# How to flat band your Alley Cat (pics)



## Beanflip (Sep 11, 2010)

I've been wanting to put a regular flat band set on my Alley Cat for a while now. So today, after seeing Pawpaws attachment using blow dart ends, I decided to apply it to my Alley Cat. The darts ends were a little small for the holes, so I added a short length of Tex's heavy tube to fatten them up a bit. After just a few test shots they seem to hold very well.
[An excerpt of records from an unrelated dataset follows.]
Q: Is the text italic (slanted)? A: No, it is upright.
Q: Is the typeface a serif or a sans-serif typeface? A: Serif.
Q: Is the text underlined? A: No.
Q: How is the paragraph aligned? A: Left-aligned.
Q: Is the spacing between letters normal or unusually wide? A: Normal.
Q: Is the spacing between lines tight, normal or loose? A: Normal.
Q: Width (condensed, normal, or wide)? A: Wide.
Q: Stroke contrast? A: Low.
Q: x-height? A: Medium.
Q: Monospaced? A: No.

Here is a brief explanation of how it is done.
Roll up the flat band, stub it into the fork, place the dart in the rolled up band on the protruding side, and then pull the dart/band up tight to the fork. Try it a couple times and you'll get the idea. Maybe a better one.  Good luck.


----------



## oldmiser (Jan 22, 2014)

Nice idea my friend......OM


----------



## treefork (Feb 1, 2010)

Good idea tweaking the cone head with the tube!


----------



## M.J (Nov 1, 2010)

Nice work! Seems more convenient than making loop-ended flats.


----------



## Samurai Samoht (Apr 6, 2013)

great! Ill have to try something like this.

Thanks!


----------



## Underachiever (Oct 17, 2013)

Thank´s for this inspiration mate!


----------



## Larry Bourgeois (May 8, 2016)

Nice trick.


----------



## Jolly Roger (Aug 14, 2017)

Thanks. I've been looking for plugs that will fit the Alley Cat. I'll see if I can find some dart ends....or something similar. I'd like to have a slingshot of this design made with flat bands in mind. Maybe just a small screw on band clamp would suffice.


----------



## mattwalt (Jan 5, 2017)

JR - look for powder coating tube plugs - they're usually made from silicone rubber - should work for you.

or

Blind expansion nuts.


----------



## Samurai Samoht (Apr 6, 2013)

Jolly Roger said:


> Thanks. I've been looking for plugs that will fit the Alley Cat. I'll see if I can find some dart ends....or something similar. I'd like to have a slingshot of this design made with flat bands in mind. Maybe just a small screw on band clamp would suffice.


Check out Amazon. Several options but this sample set might be something to consider if you don't know the size you need. https://www.amazon.com/gp/product/B00XYD2760/ref=oh_aui_detailpage_o08_s00?ie=UTF8&psc=1


----------